Ivermectin is an anti-parasite medicine that has been successfully used to treat worm infections such as onchocerciasis and lymphatic filariasis. It also kills arthropods feeding on a treated individual, including the Anopheles mosquitoes that transmit malaria. Because of this, scientists have started to consider mass drug administration with ivermectin as a potentially powerful tool to help reduce malaria transmission. Importantly, it could kill mosquitoes that can bite outdoors and before dusk (and are therefore not targeted by nets or indoor spraying) and probably also insecticide-resistant mosquitoes. However, the mosquito-killing effects of this drug at a single low dose (i.e. those used for helminth control) are short-lived.
In a trial conducted at Kisumu, Kenya, and led by the Liverpool School of Tropical Medicine, researchers tested the safety and efficacy (in terms of mosquito-killing capacity) of higher doses of ivermectin. They treated 141 adults with uncomplicated malaria with the antimalarial treatment plus either 3 days of ivermectin (600 or 300 µg/kg per day) or placebo. Results show that the blood of patients treated with both ivermectin doses induced high mosquito mortality, even 28 days after treatment. Modelling analysis suggests that adding the 300 µg/kg dose of ivermectin to mass antimalarial drug administration could significantly reduce malaria prevalence by an additional 44% in low transmission settings aiming at malaria elimination.

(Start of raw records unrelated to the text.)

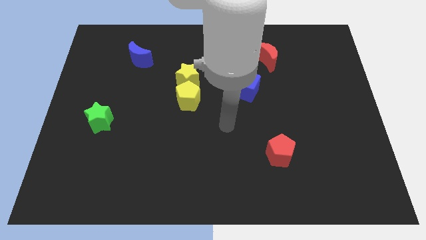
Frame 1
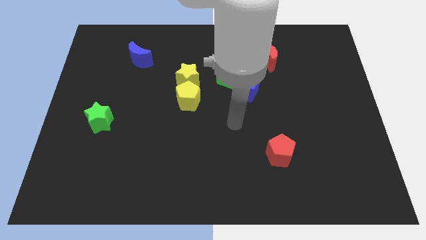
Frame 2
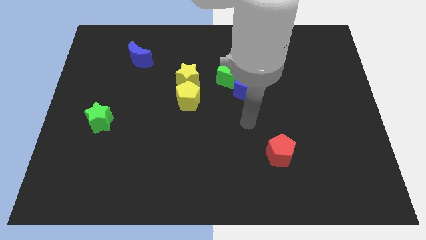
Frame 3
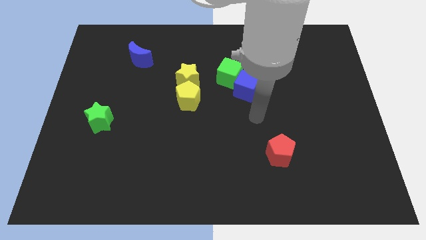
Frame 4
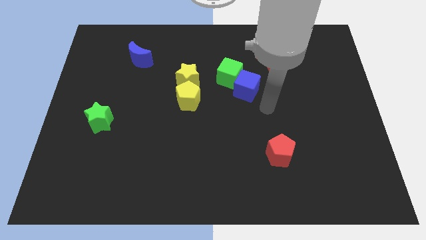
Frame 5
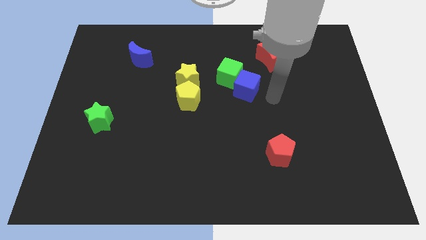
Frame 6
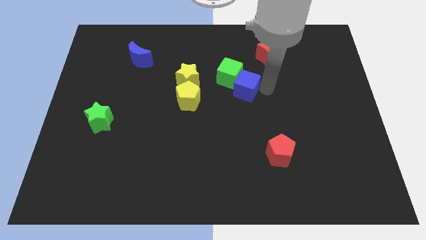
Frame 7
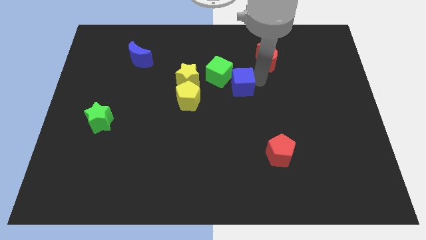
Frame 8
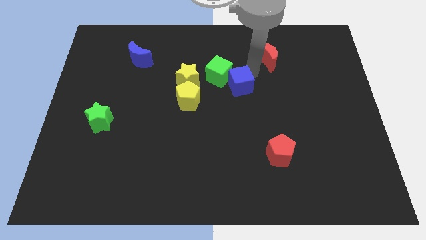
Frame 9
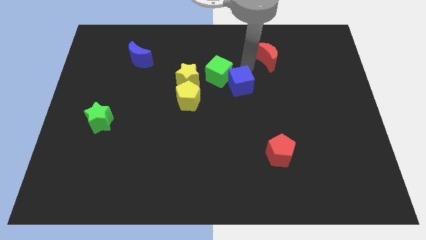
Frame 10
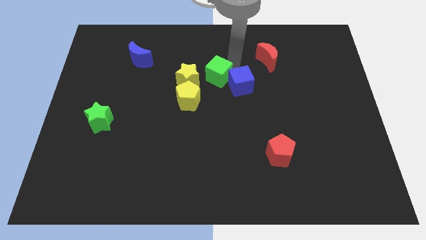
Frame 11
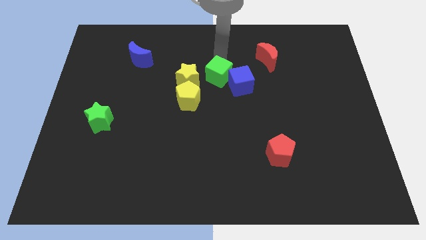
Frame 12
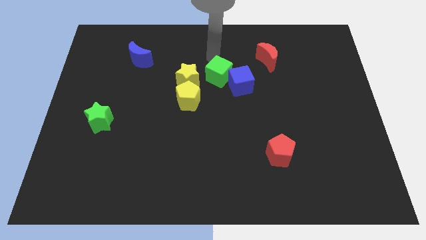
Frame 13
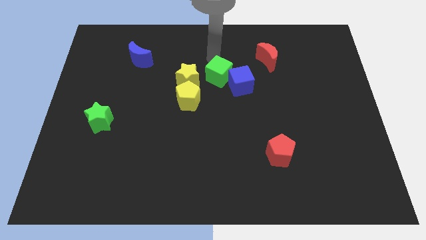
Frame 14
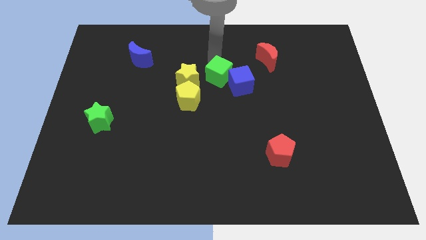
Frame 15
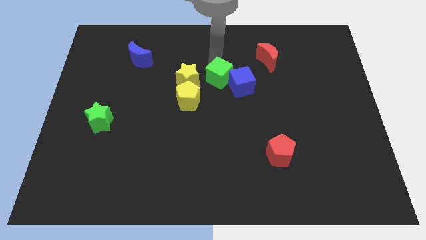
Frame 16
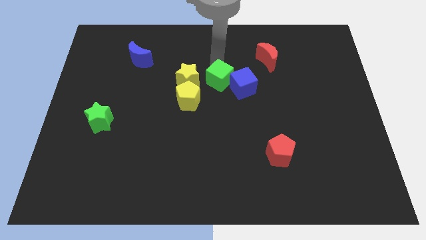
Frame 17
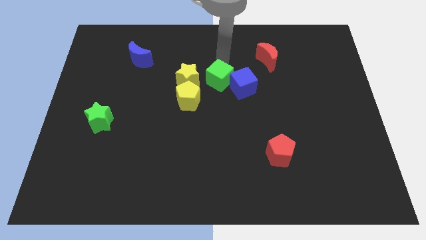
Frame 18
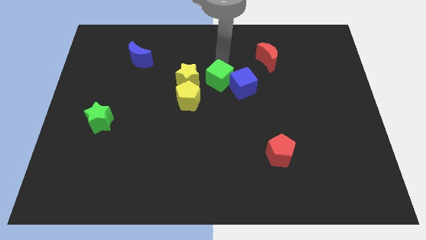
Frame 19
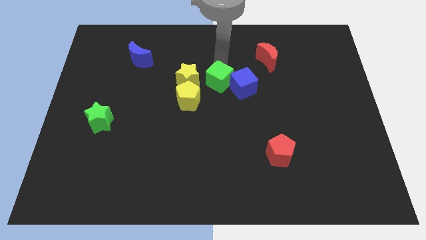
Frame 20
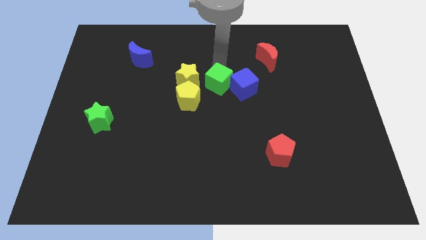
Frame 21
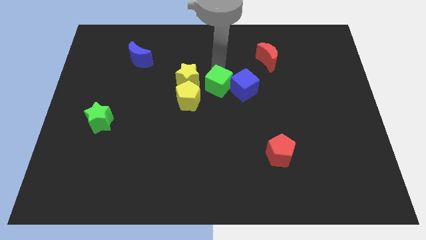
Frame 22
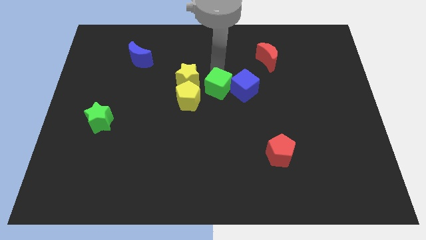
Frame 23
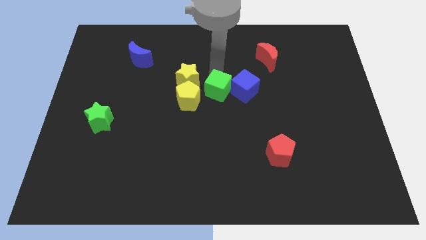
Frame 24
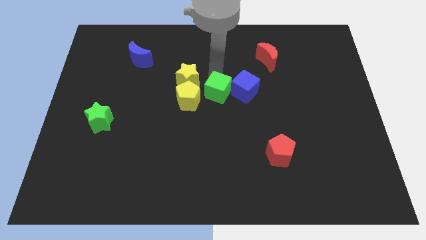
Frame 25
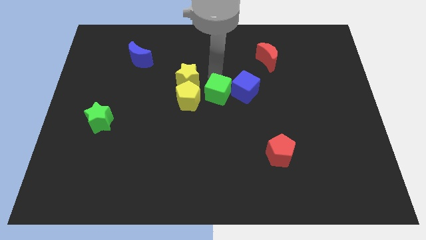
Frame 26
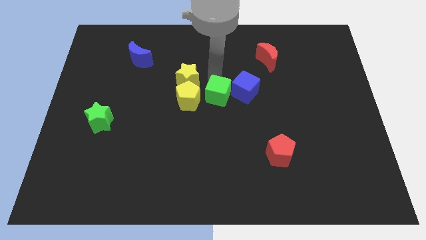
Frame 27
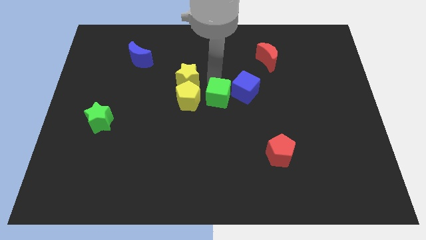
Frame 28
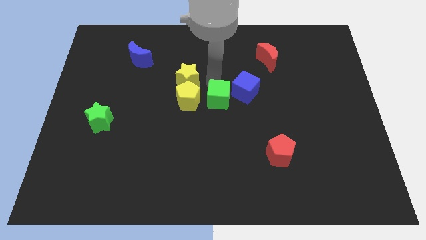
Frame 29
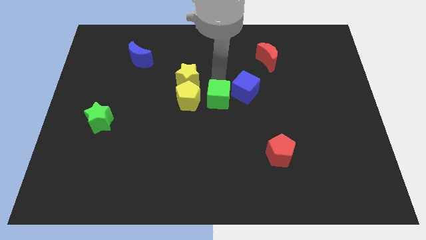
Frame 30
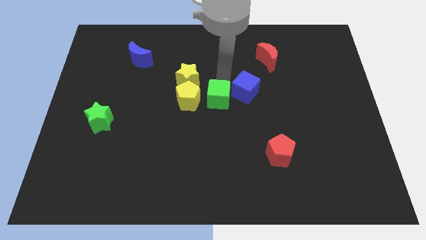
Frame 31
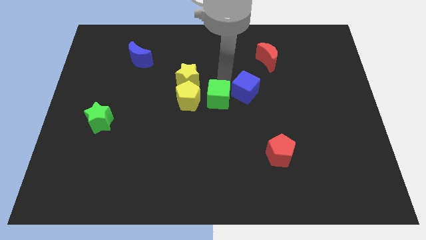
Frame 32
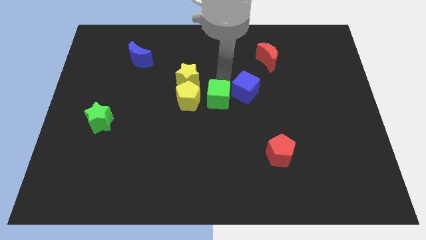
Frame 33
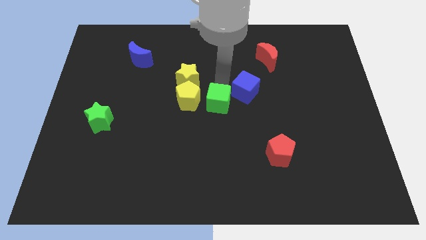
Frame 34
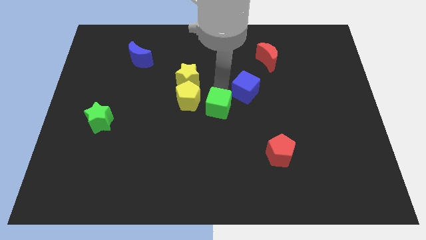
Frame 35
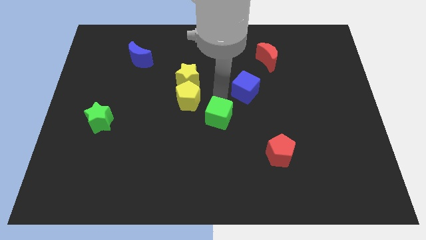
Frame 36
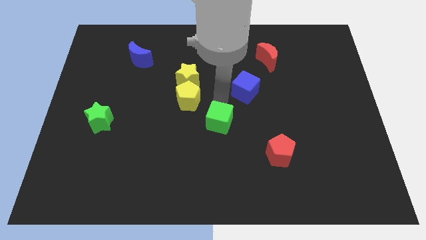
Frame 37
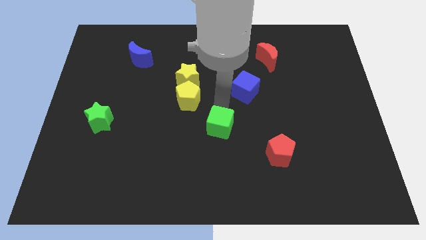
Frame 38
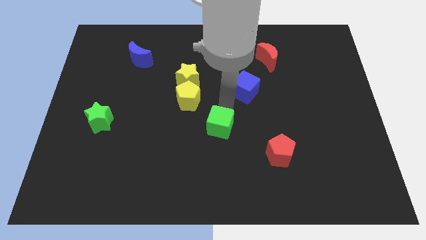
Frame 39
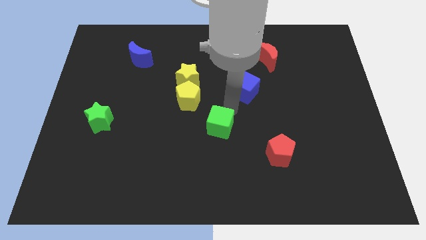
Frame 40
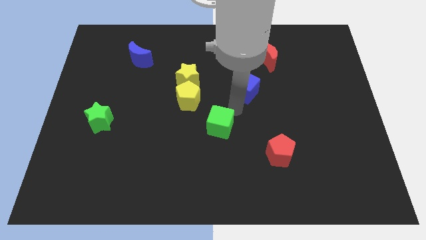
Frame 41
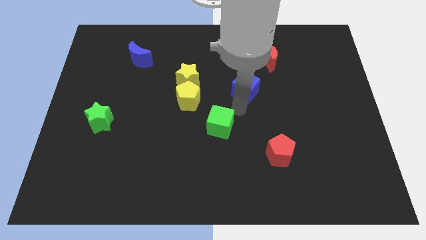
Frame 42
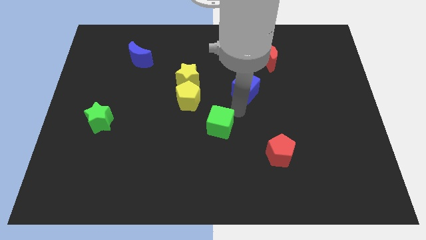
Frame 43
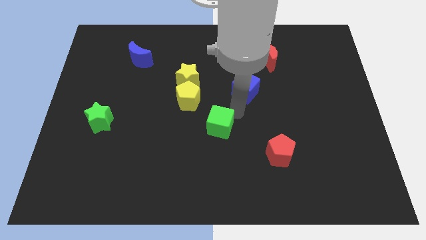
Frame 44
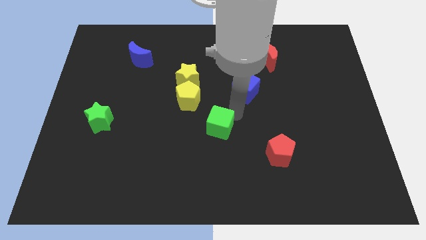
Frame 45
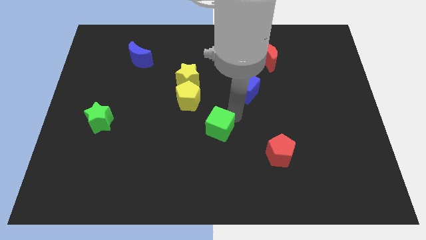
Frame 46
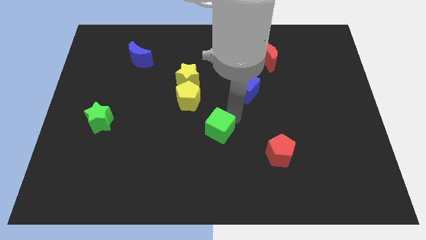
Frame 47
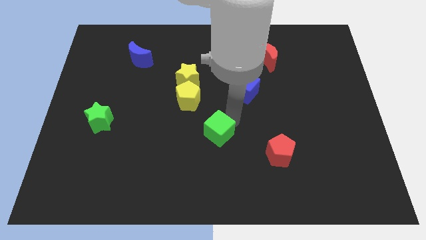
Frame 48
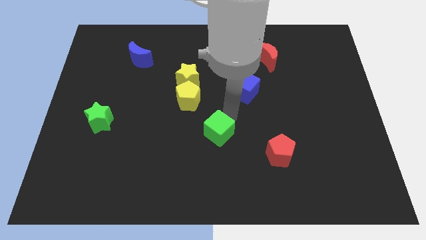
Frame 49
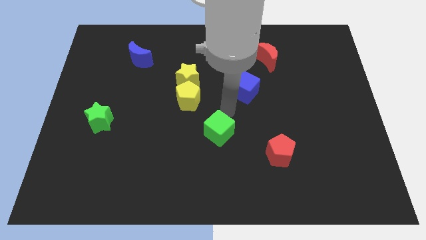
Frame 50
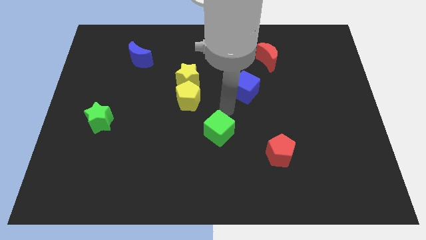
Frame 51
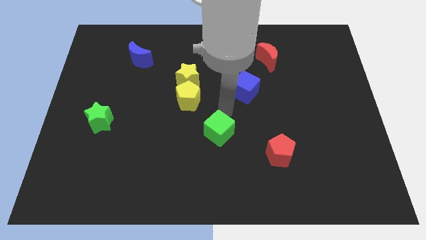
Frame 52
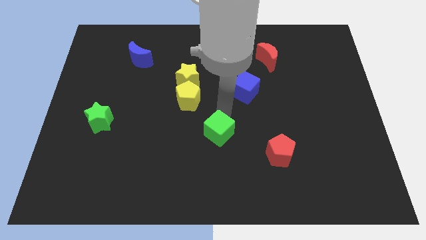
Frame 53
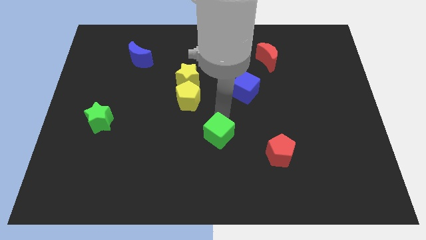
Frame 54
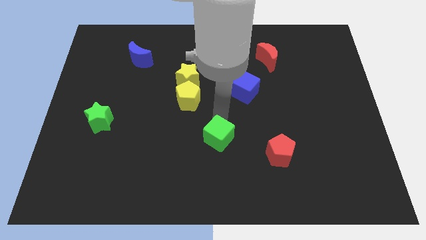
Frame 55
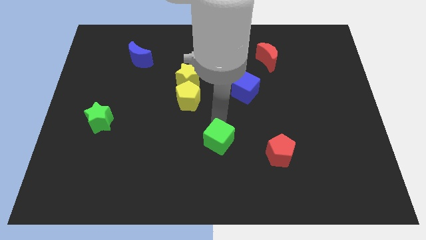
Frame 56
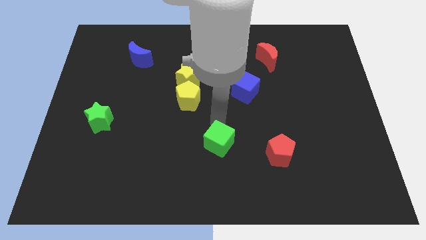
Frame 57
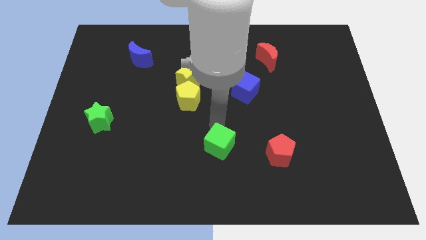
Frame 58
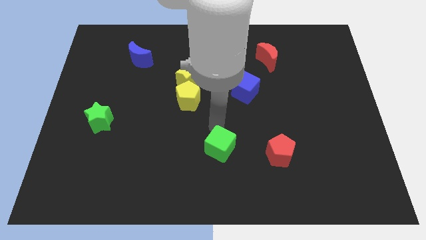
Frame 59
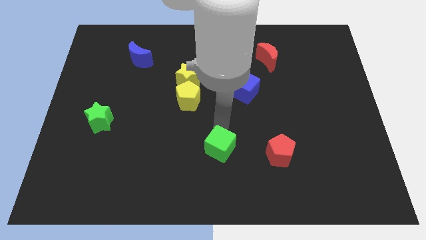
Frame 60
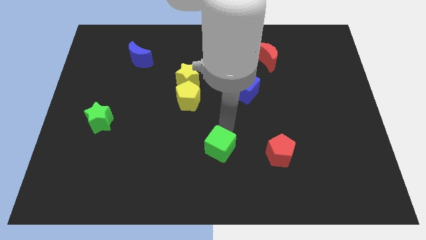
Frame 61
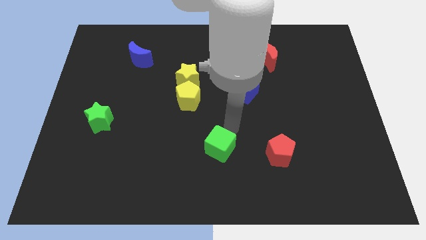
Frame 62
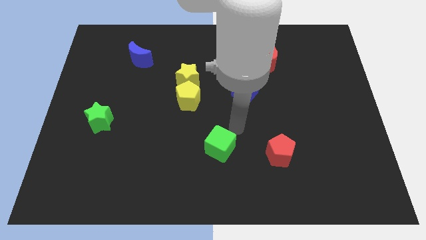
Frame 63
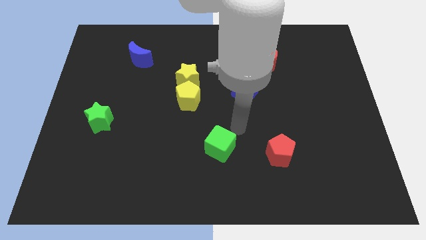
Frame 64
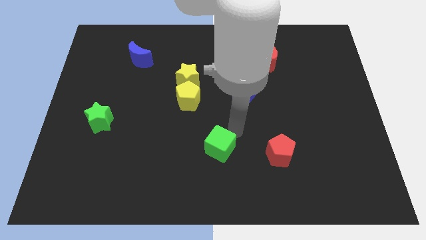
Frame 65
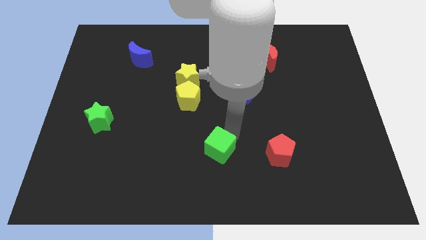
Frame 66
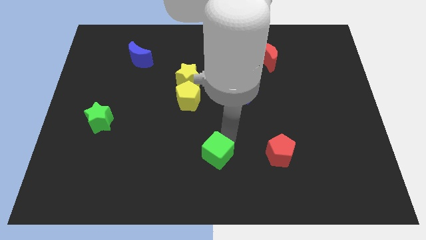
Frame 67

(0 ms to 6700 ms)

In her comment, Rabinovich underlines that “given the high variability of the vector and the parasite, it will likely take more than one approach to confront the challenge of malaria elimination. Ivermectin would provide a short-term option, while new endectocides with improved characteristics like longer duration of action are developed.”
Menno R Smit, Eric O Ochomo, Ghaith Aljayyoussi, et al. Safety and mosquitocidal efficacy of high-dose ivermectin when co-administered with dihydroartemisinin-piperaquine in Kenyan adults with uncomplicated malaria (IVERMAL): a randomised, double-blind, placebo-controlled trial. 27 March 2018. https://doi.org/10.1016/S1473-3099(18)30163-4
Regina Rabinovich. Ivermectin: repurposing an old drug to complement malaria vector control. 27 March 2018. https://doi.org/10.1016/S1473-3099(18)30176-2.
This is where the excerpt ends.